● **What to work on**:
When you reach the line containing "Topology: 3 solids, 3" in the records below, start copying exactly, and stop once you have copied the line containing "Full cylindrical faces".
=== Section Start ===
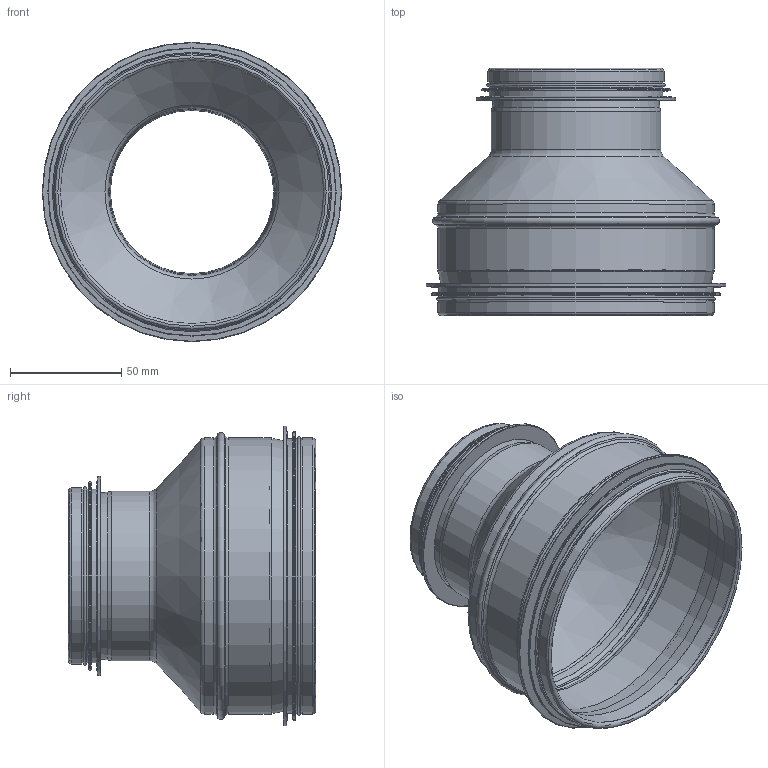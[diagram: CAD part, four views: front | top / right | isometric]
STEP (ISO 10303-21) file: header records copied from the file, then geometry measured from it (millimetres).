
FILE_DESCRIPTION((''),'2;1');
FILE_NAME('HFC_04-02.stp','2014-02-19T13:41:59',(''),(''),'Autodesk Inventor 2013','Autodesk Inventor 2013','');
FILE_SCHEMA(('AUTOMOTIVE_DESIGN { 1 2 10303 214 0 1 1 1 }'));
Length unit declared in the file: millimetre
Products named in the file (4): HFC_04-02; HFC_Rörämne-04-02; 999004; 999002
Assembly tree (3 placements, depth 2):
  HFC_04-02
    HFC_Rörämne-04-02
    999004
    999002
Bounding box: 134.45 x 111 x 134.45 mm (x, y, z)
Volume: 43614.5 mm3; surface area: 120422.9 mm2
Topology: 3 solids, 3 shells, 81 faces, 156 edges, 87 vertices
Faces by surface type: torus 27, cylinder 26, cone 16, plane 12
Full cylindrical faces by diameter (mm): 73.25 x1, 74.25 x1, 75.25 x1, 75.45 x1, 76.25 x1, 78.05 x4, 79.05 x1, 84.45 x1, 89.45 x1, 118.25 x1, 119.25 x1, 120.45 x1, 123.05 x6, 124.05 x3, 129.45 x1, 134.45 x1
Entity records: 1802 total; most frequent: DIRECTION 338, CARTESIAN_POINT 250, AXIS2_PLACEMENT_3D 169, ORIENTED_EDGE 162, EDGE_LOOP 162, VERTEX_POINT 81, CIRCLE 81, EDGE_CURVE 81
=== Section End ===
● **Solution to the exercise**:
Topology: 3 solids, 3 shells, 81 faces, 156 edges, 87 vertices
Faces by surface type: torus 27, cylinder 26, cone 16, plane 12
Full cylindrical faces by diameter (mm): 73.25 x1, 74.25 x1, 75.25 x1, 75.45 x1, 76.25 x1, 78.05 x4, 79.05 x1, 84.45 x1, 89.45 x1, 118.25 x1, 119.25 x1, 120.45 x1, 123.05 x6, 124.05 x3, 129.45 x1, 134.45 x1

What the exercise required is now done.